_Instructions for the task_
Set the pictures aside and return each record below precisely as written.

#####

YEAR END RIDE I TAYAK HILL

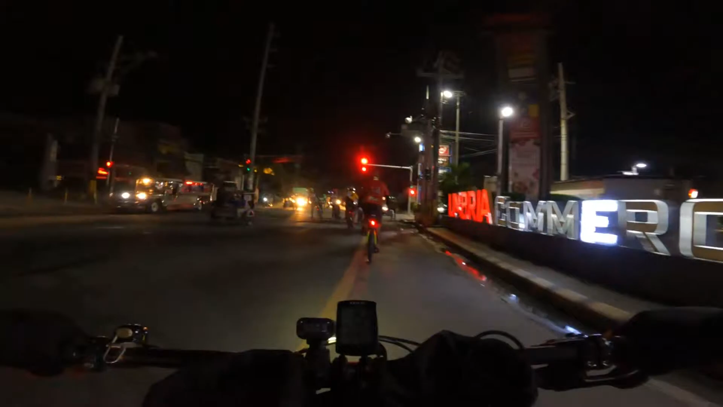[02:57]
Dito na tayo sa Pavilion Mall.
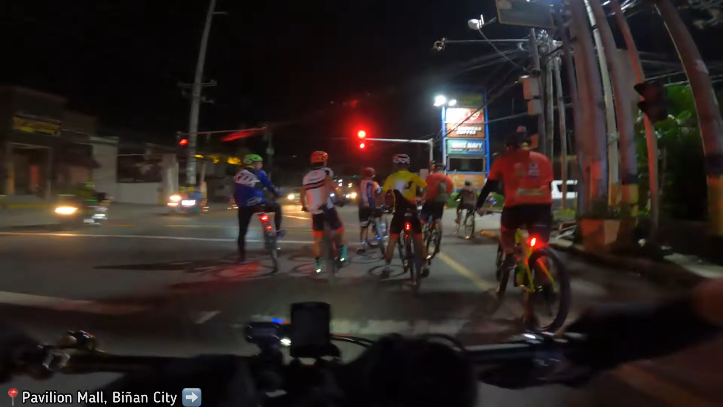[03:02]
Ang nasa right side. So, approaching Santa Rosa, Laguna. Pag pumaliwa kayo dyan, papuntang bayan.
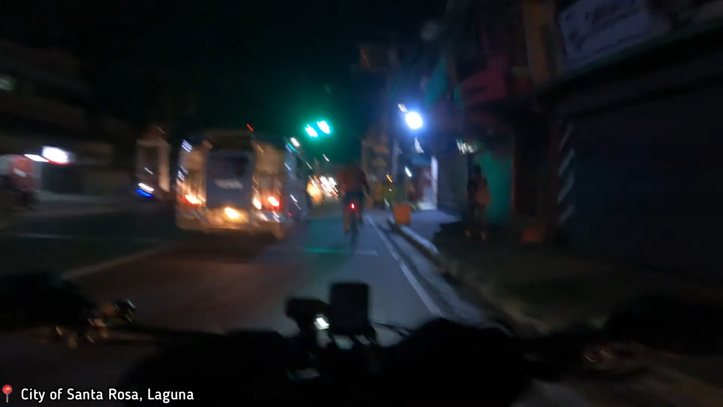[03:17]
Itong straight, papuntang Calamba. Robinson, Santa Rosa.
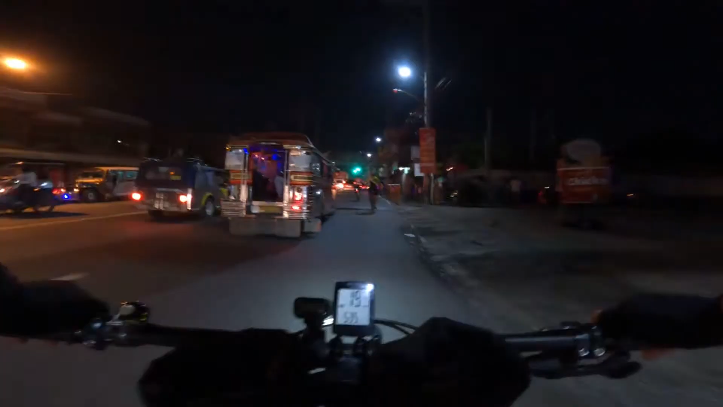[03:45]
Woohoo! Dito na tayo sa Cabuyao, Laguna. Pag kumanang kayo dyan, may shortcut yan papuntang Nubali din.
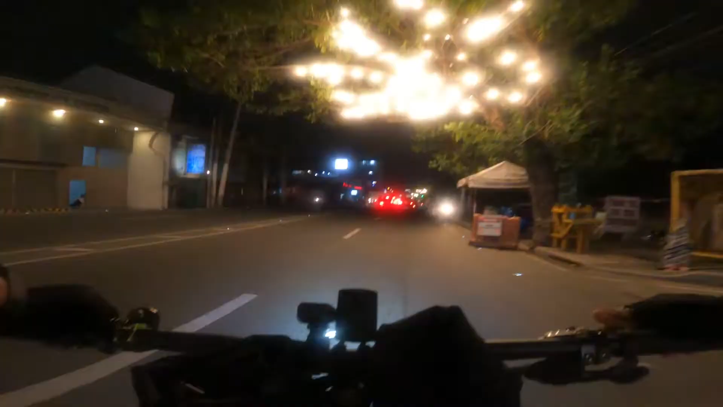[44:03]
San Pedro approaching Pasita Complex. Ohoy.

#####

_Solution to this exercise_
YEAR END RIDE I TAYAK HILL

[02:57]
Dito na tayo sa Pavilion Mall.
[03:02]
Ang nasa right side. So, approaching Santa Rosa, Laguna. Pag pumaliwa kayo dyan, papuntang bayan.
[03:17]
Itong straight, papuntang Calamba. Robinson, Santa Rosa.
[03:45]
Woohoo! Dito na tayo sa Cabuyao, Laguna. Pag kumanang kayo dyan, may shortcut yan papuntang Nubali din.
[44:03]
San Pedro approaching Pasita Complex. Ohoy.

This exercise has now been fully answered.